# Tall Trees Farmhouse - Surrey - April 2017



## Gromr (Apr 8, 2017)

I saw a video on the Abandoned UK Youtube channel of this farmhouse about 6 months ago and realised it must be quite near to me, but for the life of me couldn't find it.
Roll on to last week when I was scouring maps and I saw something that looked Derpy, so I thought i would go check it out in the last couple hours of daylight.

As soon as I stepped onto the site I realised what that it was Tall Trees. I've driven right past here numerous times and never had a clue it was there 


*History*

Copying a bit of history from Abandoned UK's description here as he has done an excellent job at digging it all up!

The building is Late 19th century and was previously named Tall Trees. Previously owned by the Frank Brothers who worked in building and brickmaking.

The outbuilding and sheds were more recently used for car repairs. The car ramp/pit is still there.

Judging from the historical Google Earth images, the farm became derelict sometime after 2005. The site was very overgrown up until the last year or so when a lot of the land was cleared and new fences were erected. 


*The Explore*

I had a nice easy explore split over two evening trips. A rather marvelous mooch. 

The Farmhouse itself is quite empty and bare, but still retains many beautiful features. The house is surprisingly solid for its age, but some of the floorboards upstairs don't look entirely safe. 

Although there is some graffiti and smashed windows, I think its held up pretty well. 
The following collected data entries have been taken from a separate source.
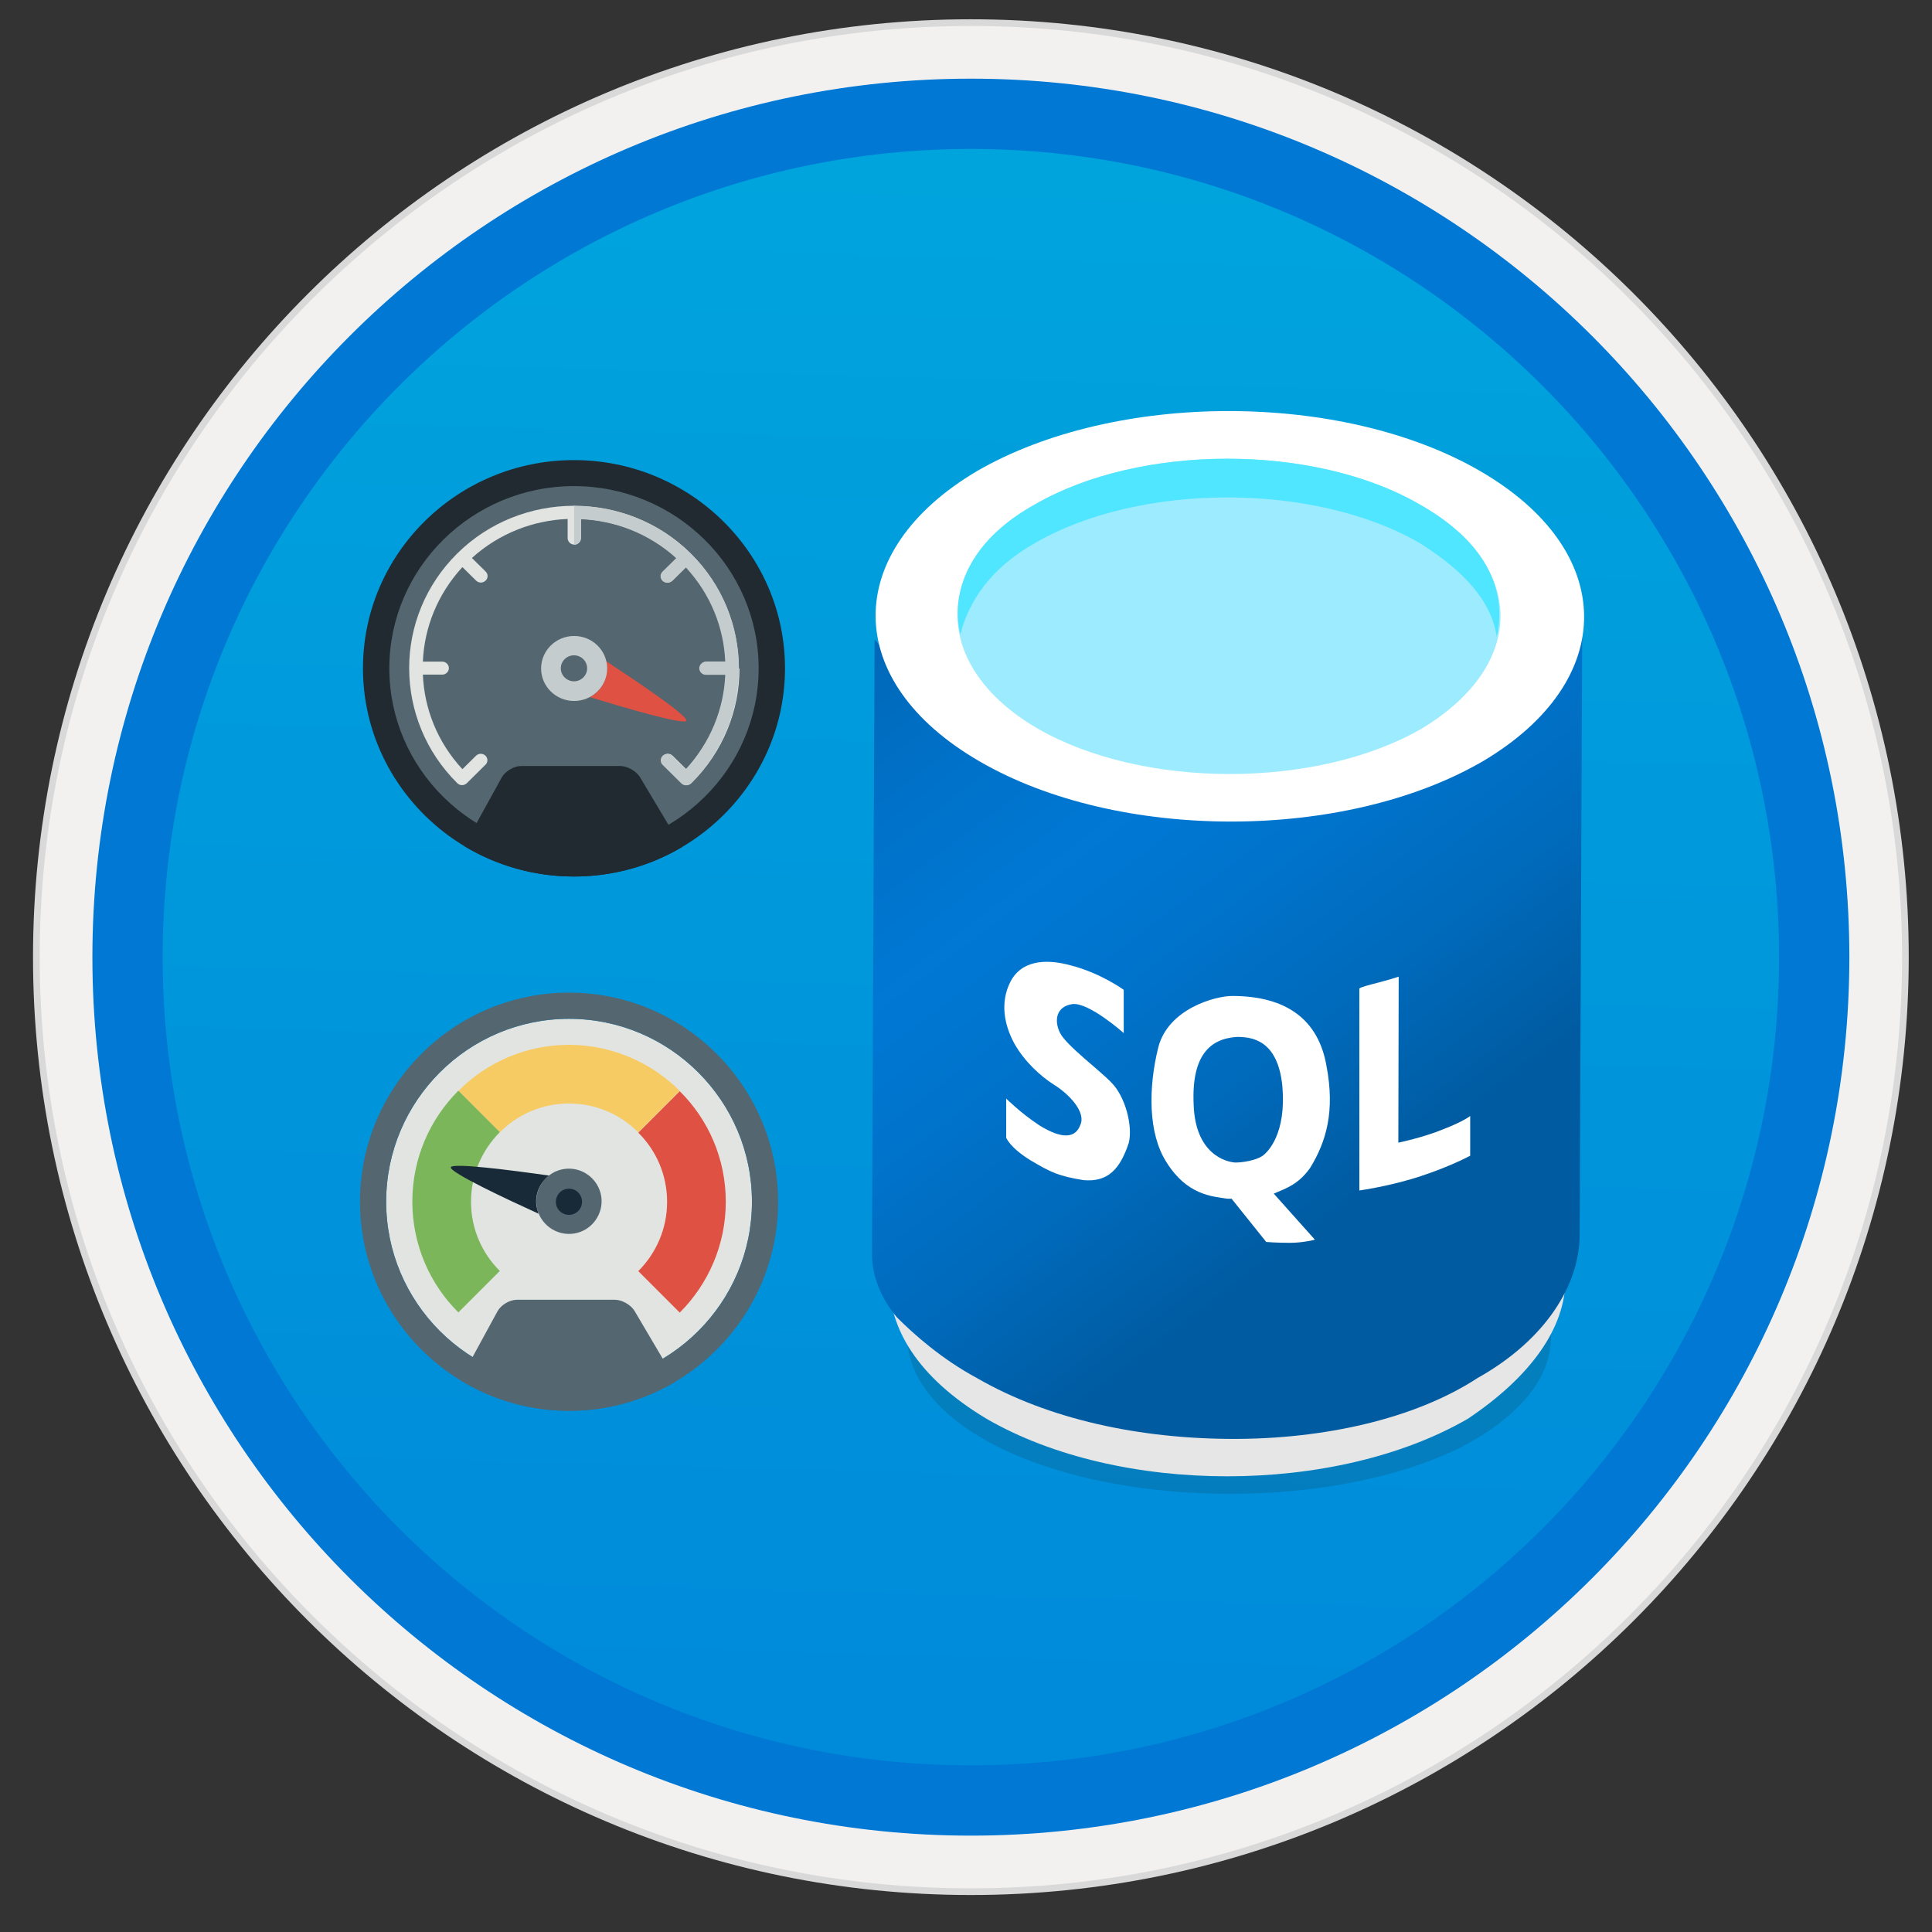 <svg width="103" height="103" viewBox="0 0 103 103" fill="none" xmlns="http://www.w3.org/2000/svg">
<rect x="0" y="0" width="103" height="103" fill="#333333" stroke="none"/>
<path d="M51.76 97.834C77.612 97.834 98.566 76.881 98.566 51.028C98.566 25.176 77.612 4.222 51.76 4.222C25.907 4.222 4.954 25.176 4.954 51.028C4.954 76.881 25.907 97.834 51.76 97.834Z" fill="url(#paint0_linear)"/>
<path fill-rule="evenodd" clip-rule="evenodd" d="M51.76 1.028C24.146 1.028 1.76 23.415 1.76 51.028C1.76 78.642 24.146 101.028 51.76 101.028C79.373 101.028 101.76 78.642 101.76 51.028C101.76 23.415 79.373 1.028 51.76 1.028ZM51.76 96.785C26.488 96.785 6.003 76.3 6.003 51.028C6.003 25.757 26.488 5.271 51.76 5.271C77.031 5.271 97.517 25.757 97.517 51.028C97.517 76.3 77.031 96.785 51.76 96.785Z" fill="#D9D9D9"/>
<path fill-rule="evenodd" clip-rule="evenodd" d="M5.862 51.028C5.862 76.375 26.413 96.926 51.76 96.926C77.106 96.926 97.657 76.375 97.657 51.028C97.657 25.682 77.106 5.131 51.76 5.131C26.413 5.131 5.862 25.682 5.862 51.028ZM51.76 1.384C24.343 1.384 2.116 23.612 2.116 51.028C2.116 78.445 24.343 100.672 51.76 100.672C79.176 100.672 101.404 78.445 101.404 51.028C101.404 23.612 79.176 1.384 51.76 1.384Z" fill="#F2F1F0"/>
<path fill-rule="evenodd" clip-rule="evenodd" d="M8.672 51.028C8.672 74.829 27.959 94.116 51.76 94.116C75.561 94.116 94.847 74.829 94.847 51.028C94.847 27.227 75.561 7.941 51.76 7.941C27.959 7.941 8.672 27.227 8.672 51.028ZM51.76 4.194C25.898 4.194 4.926 25.167 4.926 51.028C4.926 76.89 25.898 97.862 51.76 97.862C77.621 97.862 98.594 76.89 98.594 51.028C98.594 25.167 77.631 4.194 51.76 4.194Z" fill="#0078D4"/>
<path opacity="0.15" d="M77.547 65.444C84.366 68.647 84.366 73.883 77.725 77.237C71.084 80.44 60.078 80.44 53.437 77.246C46.796 74.033 46.618 68.656 53.259 65.444C59.9 62.25 70.906 62.25 77.547 65.444Z" fill="#1F1D20"/>
<path d="M83.457 64.854V68.198C83.457 70.802 81.603 73.396 78.259 75.635C71.196 79.728 59.666 79.728 52.603 75.644C48.884 73.415 47.395 70.811 47.395 68.216V64.873C47.395 67.477 49.259 70.446 52.603 72.31C59.675 76.403 71.196 76.394 78.259 72.3C81.603 70.436 83.457 67.832 83.457 64.854Z" fill="#E6E6E6"/>
<path d="M78.905 38.973C75.224 41.034 70.503 42.064 65.782 42.214C60.771 42.214 55.9 41.184 52.228 38.973C48.397 36.763 46.627 33.962 46.627 34.112L46.486 66.839C46.486 68.169 47.076 69.35 47.816 70.23C48.697 71.111 50.177 72.441 52.088 73.471C55.919 75.682 60.789 76.712 65.791 76.712C70.512 76.712 75.374 75.682 78.764 73.471C82.445 71.41 84.216 68.46 84.216 65.809L84.356 32.641C84.516 35.432 82.595 36.903 78.905 38.973Z" fill="url(#paint1_linear)"/>
<path d="M78.905 25.11C86.277 29.382 86.277 36.304 79.055 40.584C71.692 44.865 59.6 44.874 52.228 40.594C44.857 36.332 44.857 29.4 52.078 25.12C59.45 20.848 71.543 20.848 78.905 25.11Z" fill="white"/>
<path d="M75.664 26.89C81.415 30.131 81.415 35.442 75.814 38.833C70.212 42.074 60.93 42.074 55.319 38.842C49.718 35.582 49.568 30.14 55.179 26.89C60.78 23.649 70.062 23.649 75.664 26.89Z" fill="#9CEBFF"/>
<path d="M55.179 28.951C60.78 25.71 70.063 25.71 75.673 28.941C78.034 30.421 79.514 32.032 79.795 33.953C80.385 31.292 79.064 28.791 75.673 26.881C70.063 23.64 60.78 23.649 55.179 26.89C51.938 28.66 50.608 31.311 51.198 33.821C51.647 32.051 52.818 30.281 55.179 28.951Z" fill="#50E6FF"/>
<path d="M74.568 52.068L74.549 60.919C74.549 60.919 75.87 60.648 76.957 60.198C78.043 59.777 78.38 59.496 78.38 59.496V61.613C78.38 61.613 77.397 62.156 75.758 62.699C74.118 63.242 72.47 63.467 72.47 63.467V52.733C72.385 52.611 73.566 52.405 74.568 52.068Z" fill="white"/>
<path d="M59.909 52.77V55.075C59.909 55.075 58.064 53.435 57.183 53.529C56.303 53.651 56.181 54.41 56.518 55.075C56.855 55.74 58.607 57.042 59.244 57.707C60.003 58.465 60.396 60.039 60.181 60.919C59.712 62.343 59.057 63.036 57.755 62.915C56.453 62.699 56.05 62.521 54.935 61.856C53.849 61.191 53.643 60.657 53.643 60.657V58.568C53.643 58.568 54.401 59.327 55.404 59.992C56.284 60.535 57.249 60.873 57.586 59.992C57.923 59.327 57.043 58.353 56.162 57.81C55.497 57.388 54.617 56.601 54.074 55.627C53.53 54.625 53.315 53.445 53.858 52.358C54.401 51.272 55.619 51.056 57.127 51.478C58.701 51.89 59.909 52.77 59.909 52.77Z" fill="white"/>
<path d="M69.838 62.278C70.718 60.854 71.177 59.224 70.718 56.826C70.297 54.4 68.63 53.098 65.688 53.098C64.808 53.098 62.298 53.763 61.754 55.824C61.211 58.007 61.211 60.423 62.176 61.941C63.262 63.702 64.602 63.786 65.445 63.908C65.567 63.908 65.66 63.908 65.66 63.908L67.506 66.212C67.506 66.212 68.068 66.259 68.742 66.259C69.501 66.259 70.1 66.09 70.1 66.09L67.908 63.636C68.611 63.336 69.21 63.14 69.838 62.278ZM63.637 58.887C63.515 56.255 64.518 55.374 65.941 55.281C66.7 55.281 68.124 55.403 68.367 57.913C68.583 60.423 67.609 61.425 67.281 61.641C66.944 61.856 66.279 61.978 65.857 61.978C65.361 61.95 63.721 61.529 63.637 58.887Z" fill="white"/>
<path fill-rule="evenodd" clip-rule="evenodd" d="M30.338 54.316C24.961 54.316 20.587 58.691 20.587 64.067C20.587 69.444 24.961 73.818 30.338 73.818C35.714 73.818 40.089 69.444 40.089 64.067C40.089 58.691 35.714 54.316 30.338 54.316Z" fill="#E1E4E1"/>
<path fill-rule="evenodd" clip-rule="evenodd" d="M30.338 75.213C32.417 75.213 34.375 74.642 36.042 73.64L33.832 69.893C33.635 69.565 33.167 69.294 32.783 69.294H27.556C27.172 69.294 26.713 69.565 26.526 69.903L24.53 73.565C26.216 74.614 28.202 75.213 30.338 75.213Z" fill="#546670"/>
<path fill-rule="evenodd" clip-rule="evenodd" d="M38.693 64.067C38.693 66.371 37.756 68.46 36.239 69.978L34.028 67.767C34.974 66.821 35.565 65.519 35.565 64.076C35.565 62.634 34.984 61.332 34.028 60.386L36.239 58.175C37.756 59.674 38.693 61.763 38.693 64.067Z" fill="#DF5142"/>
<path fill-rule="evenodd" clip-rule="evenodd" d="M36.239 58.157L34.028 60.367C33.082 59.421 31.78 58.831 30.338 58.831C28.895 58.831 27.593 59.412 26.647 60.367L24.437 58.157C25.945 56.639 28.034 55.702 30.347 55.702C32.642 55.712 34.731 56.648 36.239 58.157Z" fill="#F7CB64"/>
<path fill-rule="evenodd" clip-rule="evenodd" d="M25.111 64.067C25.111 65.509 25.692 66.811 26.647 67.757L24.437 69.968C22.919 68.46 21.983 66.371 21.983 64.057C21.983 61.753 22.919 59.664 24.437 58.147L26.647 60.358C25.692 61.322 25.111 62.624 25.111 64.067Z" fill="#7CB65A"/>
<path fill-rule="evenodd" clip-rule="evenodd" d="M30.338 73.818C24.961 73.818 20.587 69.444 20.587 64.067C20.587 58.69 24.961 54.316 30.338 54.316C35.714 54.316 40.089 58.69 40.089 64.067C40.089 69.444 35.714 73.818 30.338 73.818ZM30.338 52.92C24.193 52.92 19.191 57.922 19.191 64.067C19.191 70.212 24.193 75.213 30.338 75.213C36.483 75.213 41.484 70.212 41.484 64.067C41.475 57.922 36.483 52.92 30.338 52.92Z" fill="#546670"/>
<path fill-rule="evenodd" clip-rule="evenodd" d="M30.057 62.325C29.111 62.474 28.465 63.374 28.614 64.32C28.764 65.266 29.663 65.912 30.61 65.762C31.555 65.612 32.202 64.713 32.052 63.767C31.893 62.821 31.003 62.175 30.057 62.325Z" fill="#546670"/>
<path fill-rule="evenodd" clip-rule="evenodd" d="M28.605 64.32C28.502 63.664 28.783 63.046 29.27 62.671C27.275 62.39 24.1 61.978 24.034 62.231C23.968 62.503 27.022 63.936 28.708 64.704C28.671 64.582 28.633 64.451 28.605 64.32Z" fill="#182A37"/>
<path fill-rule="evenodd" clip-rule="evenodd" d="M30.31 63.374C29.926 63.383 29.626 63.711 29.636 64.095C29.645 64.479 29.973 64.779 30.357 64.769C30.741 64.751 31.041 64.432 31.031 64.048C31.012 63.655 30.694 63.355 30.31 63.374Z" fill="#182A37"/>
<path fill-rule="evenodd" clip-rule="evenodd" d="M30.6 24.801C24.549 24.801 19.622 29.663 19.622 35.629C19.622 41.596 24.549 46.457 30.6 46.457C36.651 46.457 41.569 41.596 41.569 35.629C41.569 29.663 36.651 24.801 30.6 24.801Z" fill="#546670"/>
<path fill-rule="evenodd" clip-rule="evenodd" d="M39.386 35.629C39.386 35.62 39.386 35.611 39.386 35.611C39.377 33.4 38.524 31.189 36.82 29.503C35.115 27.817 32.876 26.974 30.628 26.965C30.619 26.965 30.609 26.956 30.6 26.956C30.591 26.956 30.581 26.956 30.572 26.965C28.333 26.974 26.085 27.817 24.381 29.503C22.676 31.189 21.814 33.4 21.814 35.611C21.814 35.62 21.814 35.629 21.814 35.629C21.814 35.639 21.814 35.648 21.814 35.648C21.823 37.858 22.676 40.069 24.381 41.755C24.446 41.821 24.54 41.858 24.633 41.858C24.727 41.858 24.811 41.821 24.886 41.755L25.879 40.772C26.02 40.641 26.02 40.416 25.879 40.285C25.739 40.153 25.523 40.153 25.383 40.285L24.652 41.006C23.322 39.573 22.619 37.784 22.545 35.966H23.575C23.772 35.966 23.931 35.807 23.931 35.62C23.931 35.432 23.772 35.273 23.575 35.273H22.545C22.619 33.456 23.331 31.667 24.652 30.234L25.383 30.955C25.448 31.021 25.542 31.058 25.636 31.058C25.729 31.058 25.814 31.021 25.889 30.955C26.029 30.824 26.029 30.599 25.889 30.468L25.158 29.747C26.61 28.436 28.418 27.742 30.263 27.667V28.688C30.263 28.876 30.422 29.035 30.619 29.035C30.816 29.035 30.975 28.876 30.975 28.688V27.667C32.82 27.742 34.628 28.436 36.08 29.747L35.349 30.468C35.209 30.599 35.209 30.824 35.349 30.955C35.415 31.021 35.508 31.058 35.602 31.058C35.696 31.058 35.78 31.021 35.855 30.955L36.585 30.234C37.916 31.667 38.618 33.456 38.693 35.273H37.663C37.466 35.273 37.307 35.432 37.307 35.62C37.307 35.807 37.466 35.966 37.663 35.966H38.693C38.618 37.784 37.906 39.573 36.585 41.006L35.855 40.285C35.714 40.153 35.499 40.153 35.358 40.285C35.218 40.416 35.218 40.641 35.358 40.772L36.351 41.755C36.417 41.821 36.511 41.858 36.604 41.858C36.698 41.858 36.782 41.821 36.857 41.755C38.562 40.069 39.424 37.858 39.424 35.648C39.377 35.648 39.386 35.639 39.386 35.629Z" fill="#E1E4E1"/>
<path fill-rule="evenodd" clip-rule="evenodd" d="M30.6 46.729C32.698 46.729 34.675 46.157 36.351 45.165L34.122 41.437C33.925 41.109 33.447 40.837 33.063 40.837H27.79C27.406 40.837 26.938 41.109 26.75 41.446L24.736 45.099C26.441 46.129 28.446 46.729 30.6 46.729Z" fill="#212A31"/>
<path fill-rule="evenodd" clip-rule="evenodd" d="M30.947 28.698V27.677C32.792 27.752 34.6 28.445 36.051 29.756L35.321 30.477C35.18 30.608 35.18 30.833 35.321 30.965C35.386 31.03 35.48 31.067 35.574 31.067C35.667 31.067 35.752 31.03 35.827 30.965L36.557 30.243C37.887 31.676 38.59 33.465 38.665 35.283H37.635C37.438 35.283 37.279 35.442 37.279 35.629C37.279 35.816 37.438 35.976 37.635 35.976H38.665C38.59 37.793 37.878 39.582 36.557 41.015L35.827 40.294C35.686 40.163 35.471 40.163 35.33 40.294C35.19 40.425 35.19 40.65 35.33 40.781L36.323 41.764C36.389 41.83 36.482 41.867 36.576 41.867C36.67 41.867 36.754 41.83 36.829 41.764C38.534 40.078 39.395 37.868 39.395 35.657C39.395 35.648 39.395 35.639 39.395 35.639C39.395 35.629 39.395 35.62 39.395 35.62C39.386 33.409 38.534 31.199 36.829 29.513C35.124 27.827 32.886 26.984 30.637 26.974C30.628 26.974 30.619 26.965 30.609 26.965V29.044C30.797 29.044 30.947 28.885 30.947 28.698Z" fill="#C5CCCD"/>
<path fill-rule="evenodd" clip-rule="evenodd" d="M30.6 45.343C25.177 45.343 20.756 40.987 20.756 35.629C20.756 30.271 25.177 25.916 30.6 25.916C36.023 25.916 40.445 30.271 40.445 35.629C40.445 40.987 36.023 45.343 30.6 45.343ZM30.6 24.529C24.399 24.529 19.351 29.503 19.351 35.629C19.351 41.746 24.399 46.729 30.6 46.729C36.801 46.729 41.85 41.746 41.85 35.629C41.85 29.513 36.801 24.529 30.6 24.529Z" fill="#212A31"/>
<path fill-rule="evenodd" clip-rule="evenodd" d="M32.333 35.348C32.352 35.442 32.361 35.536 32.361 35.629C32.361 35.732 32.352 35.835 32.333 35.938C32.324 35.967 32.324 35.995 32.314 36.032C32.295 36.107 32.277 36.173 32.249 36.248C32.239 36.285 32.221 36.313 32.211 36.351C32.183 36.425 32.146 36.491 32.099 36.557C32.071 36.603 32.033 36.65 31.996 36.697C31.977 36.716 31.958 36.735 31.949 36.763C31.808 36.931 31.64 37.062 31.443 37.166C33.382 37.756 36.483 38.664 36.586 38.421C36.698 38.168 33.879 36.276 32.324 35.255C32.324 35.283 32.333 35.311 32.333 35.348Z" fill="#DF5142"/>
<path fill-rule="evenodd" clip-rule="evenodd" d="M30.609 37.371C31.574 37.371 32.37 36.594 32.37 35.639C32.37 34.683 31.584 33.906 30.609 33.906C29.635 33.906 28.848 34.683 28.848 35.639C28.848 36.594 29.635 37.371 30.609 37.371Z" fill="#C5CCCD"/>
<path fill-rule="evenodd" clip-rule="evenodd" d="M30.6 34.936C30.216 34.936 29.898 35.245 29.898 35.629C29.898 36.013 30.216 36.322 30.6 36.322C30.984 36.322 31.302 36.013 31.302 35.629C31.302 35.245 30.984 34.936 30.6 34.936Z" fill="#546670"/>
<defs>
<linearGradient id="paint0_linear" x1="53.53" y1="-13.764" x2="49.547" y2="132.004" gradientUnits="userSpaceOnUse">
<stop stop-color="#00ABDE"/>
<stop offset="1" stop-color="#007ED8"/>
</linearGradient>
<linearGradient id="paint1_linear" x1="44.358" y1="22.796" x2="74.423" y2="62.443" gradientUnits="userSpaceOnUse">
<stop stop-color="#005BA1"/>
<stop offset="0.07" stop-color="#0060A9"/>
<stop offset="0.36" stop-color="#0071C8"/>
<stop offset="0.52" stop-color="#0078D4"/>
<stop offset="0.64" stop-color="#0074CD"/>
<stop offset="0.82" stop-color="#006ABB"/>
<stop offset="1" stop-color="#005BA1"/>
</linearGradient>
</defs>
</svg>

It would certainly make a lovely home if re-developed.



*Photos*


*Externals*

































*The Farmhouse*















































*The Outbuildings*


----------



## smiler (Apr 8, 2017)

Loved that set Grom, the exterior shots are Damn good, Proper Job, Thanks


----------



## krela (Apr 8, 2017)

That has been well tidied hasn't it? Thanks for posting.


----------



## Rubex (Apr 8, 2017)

Nice find Gromr  fantastic pics!


----------



## Sam Haltin (Apr 8, 2017)

Nicely done. Definitely worth a renovation. It has a nice outhouse area.


----------



## flyboys90 (Apr 9, 2017)

Nice one.Thanks for sharing.


----------